Here's some pics of my African Cichlids. They are Psuedotropheus saulosi, and I love them.

They are all females, I started with 3 males and 4 females, but then, all of my males got some mystry desiese, and something started eating them from the insideout, and they all died.

So I was left with 4 females, and 5 or 6 babies, from which I am dependant for a male.

Then, for some reason, one of my females actually started turning into a male. She's no where near as pretty, but is starting to get egg spots, and is blueish gray and black striped, like a male.

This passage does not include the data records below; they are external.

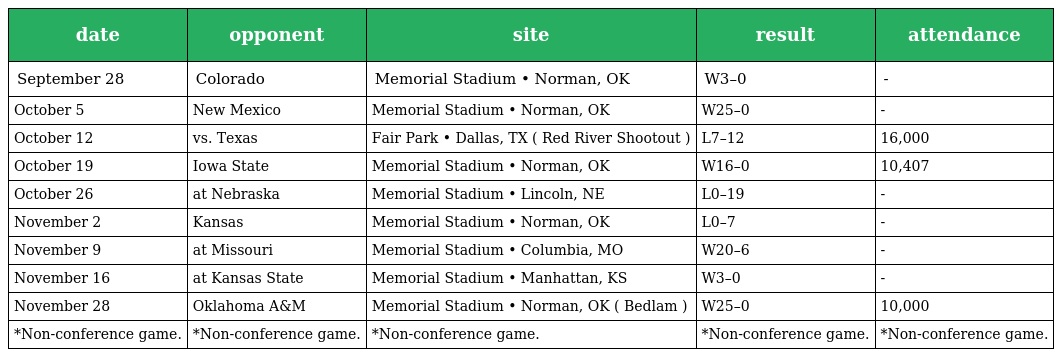
| date | opponent | site | result | attendance |
 | --- | --- | --- | --- | --- |
 | September 28 | Colorado | Memorial Stadium • Norman, OK | W3–0 | - |
 | October 5 | New Mexico | Memorial Stadium • Norman, OK | W25–0 | - |
 | October 12 | vs. Texas | Fair Park • Dallas, TX ( Red River Shootout ) | L7–12 | 16,000 |
 | October 19 | Iowa State | Memorial Stadium • Norman, OK | W16–0 | 10,407 |
 | October 26 | at Nebraska | Memorial Stadium • Lincoln, NE | L0–19 | - |
 | November 2 | Kansas | Memorial Stadium • Norman, OK | L0–7 | - |
 | November 9 | at Missouri | Memorial Stadium • Columbia, MO | W20–6 | - |
 | November 16 | at Kansas State | Memorial Stadium • Manhattan, KS | W3–0 | - |
 | November 28 | Oklahoma A&M | Memorial Stadium • Norman, OK ( Bedlam ) | W25–0 | 10,000 |
 | *Non-conference game. | *Non-conference game. | *Non-conference game. | *Non-conference game. | *Non-conference game. |
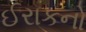
ઈરાકનો
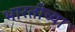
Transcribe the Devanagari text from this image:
भारतीच्या
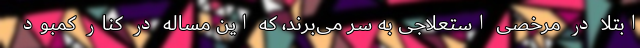
ابتلا در مرخصی استعلاجی به سر می‌برند، که این مساله در کنار کمبود
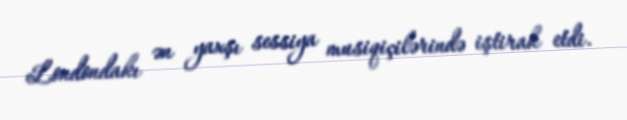
Londondakı ən yaxşı sessiya musiqiçilərində iştirak etdi.
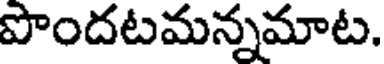
పొందటమన్నమాట.
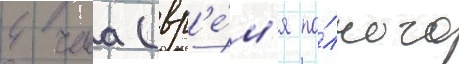
4 часа (вр'е́м'я по́лного
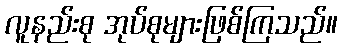
လူနည်းစု အုပ်စုများဖြစ်ကြသည်။
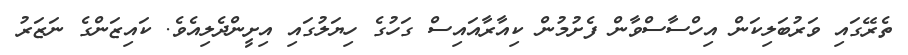
ތެރޭގައި ވަރުބަލިކަން އިހްސާސްވާން ފެށުމުން ކިއާރާއައިސް ގަހުގެ ހިޔަލުގައި އިށީންދެލިއެވެ. ކައިޒަންގެ ނަޒަރު
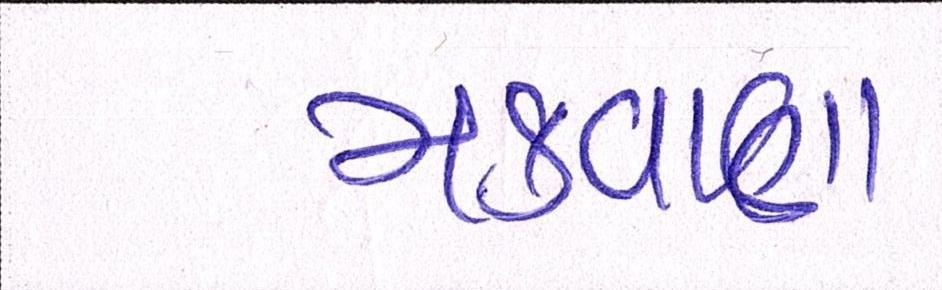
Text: મકવાણા
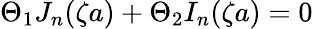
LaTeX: \Theta_{1}J_{n}(\zeta a)+\Theta_{2}I_{n}(\zeta a)=0
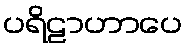
ပရိဠာဟာပေ
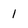
Character: 1
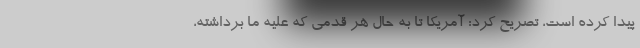
پیدا کرده است، تصریح کرد: آمریکا تا به حال هر قدمی که علیه ما برداشته،
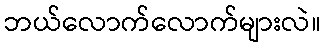
ဘယ်လောက်လောက်များလဲ။
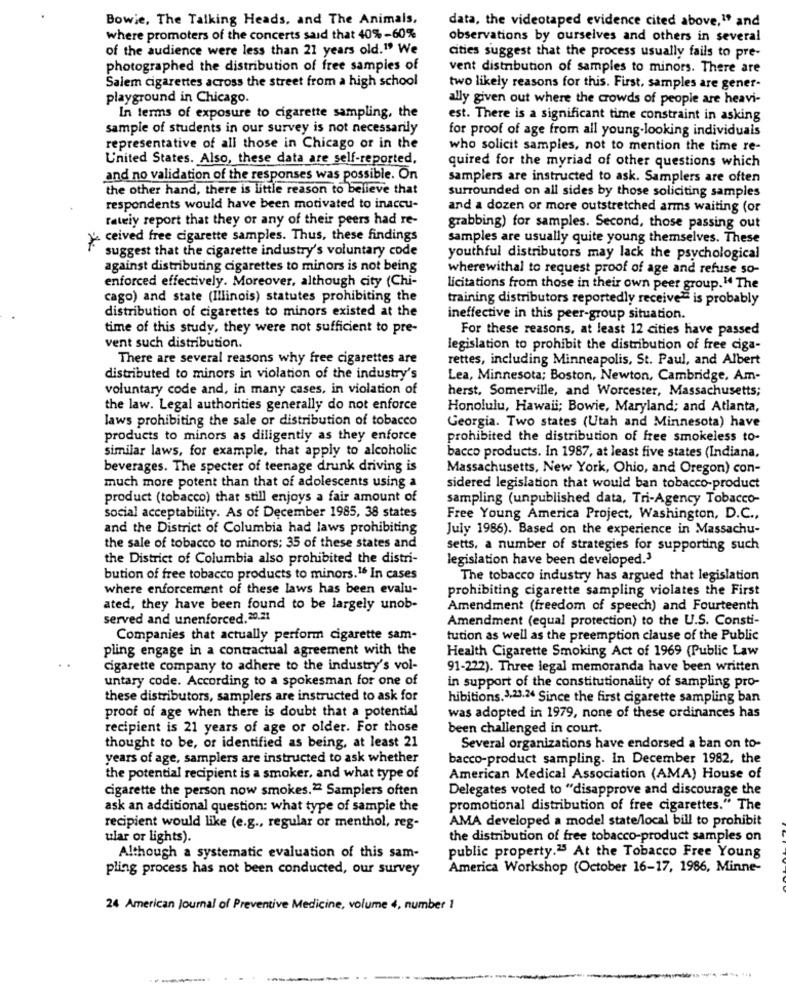
Bowie, The Talking Heads, and The Animals,
data, the videotaped evidence cited above,"" and
where promoters of the concerts said that 40%-60%
observations by ourselves and others in several
of the audience were less than 21 years old." We
cities suggest that the process usually fails to pre-
photographed the distribution of free samples of
vent distribution of samples to minors. There are
Salem cigarettes across the street from a high school
two likely reasons for this. First, samples are gener-
playground in Chicago.
ally given out where the crowds of people are heavi-
In terms of exposure to cigarette sampling, the
est. There is a significant time constraint in asking
sample of students in our survey is not necessarily
for proof of age from all young-looking individuals
representative of all those in Chicago or in the
who solicit samples, not to mention the time re-
United States. Also, these data are self-reported,
quired for the myriad of other questions which
and no validation of the responses was possible. On
samplers are instructed to ask. Samplers are often
the other hand, there is little reason to believe that
surrounded on all sides by those soliciting samples
respondents would have been motivated to inaccu-
and a dozen or more outstretched arms waiting (or
rateiy report that they or any of their peers had re-
grabbing) for samples. Second, those passing out
* ceived free cigarette samples. Thus, these findings
samples are usually quite young themselves. These
suggest that the cigarette industry's voluntary code
youthful distributors may lack the psychological
against distributing cigarettes to minors is not being
wherewithal to request proof of age and refuse so-
enforced effectively. Moreover, although city (Chi-
licitations from those in their own peer group." The
cago) and state (Illinois) statutes prohibiting the
training distributors reportedly receive? is probably
distribution of cigarettes to minors existed at the
ineffective in this peer-group situation.
time of this study, they were not sufficient to pre-
For these reasons, at least 12 cities have passed
vent such distribution.
legislation to prohibit the distribution of free ciga-
There are several reasons why free cigarettes are
rettes, including Minneapolis, St. Paul, and Albert
distributed to minors in violation of the industry's
Lea, Minnesota; Boston, Newton, Cambridge, Am-
voluntary code and, in many cases, in violation of
herst, Somerville, and Worcester, Massachusetts;
the law. Legal authorities generally do not enforce
Honolulu, Hawaii; Bowie, Maryland; and Atlanta,
laws prohibiting the sale or distribution of tobacco
Georgia. Two states (Utah and Minnesota) have
products to minors as diligently as they enforce
prohibited the distribution of free smokeless to-
similar laws, for example, that apply to alcoholic
bacco products. In 1987, at least five states (Indiana,
beverages. The specter of teenage drunk driving is
Massachusetts, New York, Ohio, and Oregon) con-
much more potent than that of adolescents using a
sidered legislation that would ban tobacco-product
product (tobacco) that still enjoys a fair amount of
sampling (unpublished data, Tri-Agency Tobacco-
social acceptability. As of December 1985, 38 states
Free Young America Project, Washington, D.C .,
and the District of Columbia had laws prohibiting
July 1986). Based on the experience in Massachu-
the sale of tobacco to minors; 35 of these states and
setts, a number of strategies for supporting such
the District of Columbia also prohibited the distri-
legislation have been developed.3
bution of free tobacco products to minors.16 In cases
The tobacco industry has argued that legislation
where enforcement of these laws has been evalu-
prohibiting cigarette sampling violates the First
ated, they have been found to be largely unob-
Amendment (freedom of speech) and Fourteenth
served and unenforced.20.21
Amendment (equal protection) to the U.S. Consti-
Companies that actually perform cigarette sam-
tution as well as the preemption clause of the Public
pling engage in a contractual agreement with the
Health Cigarette Smoking Act of 1969 (Public Law
cigarette company to adhere to the industry's vol-
91-222). Three legal memoranda have been written
untary code. According to a spokesman for one of
in support of the constitutionality of sampling pro-
these distributors, samplers are instructed to ask for
hibitions.3.23.24 Since the first cigarette sampling ban
proof of age when there is doubt that a potential
was adopted in 1979, none of these ordinances has
recipient is 21 years of age or older. For those
been challenged in court.
thought to be, or identified as being, at least 21
Several organizations have endorsed a ban on to-
years of age, samplers are instructed to ask whether
bacco-product sampling. In December 1982, the
the potential recipient is a smoker, and what type of
American Medical Association (AMA) House of
cigarette the person now smokes.2ª Samplers often
Delegates voted to "disapprove and discourage the
ask an additional question: what type of sample the
promotional distribution of free cigarettes." The
AMA developed a model state/local bill to prohibit
recipient would like (e.g ., regular or menthol, reg-
ular or lights).
the distribution of free tobacco-product samples on
Although a systematic evaluation of this sam-
public property."3 At the Tobacco Free Young
pling process has not been conducted, our survey
America Workshop (October 16-17, 1986, Minne-
24 American Journal of Preventive Medicine, volume 4, number 1

But anyways, I cleaned the tank last night, and it was really clean today, so I took some pics.

Here ya are...

The tank: That's a piece of lettuce. They ate it in about an hour.









This is what happenes when they eat alot of veggies: Yes, that's poop.









Adult Females:

















Oldest babies, some starting to get egg spots (MALES!!!):

































Enjoy!


----------



## Chrisinator (Jun 5, 2008)

Aww! I want some of them! Their so cool lookin!


----------



## fishbguy1 (Feb 29, 2008)

Thanks...they are cool. They stay small too...4 inches max. I've had the adults for a year and 2 weeks now, when I got them they were about the size of my largest fry now.

They are some of the only africans I would reccomend for a 29 gallon.


----------



## macclellan (Dec 22, 2006)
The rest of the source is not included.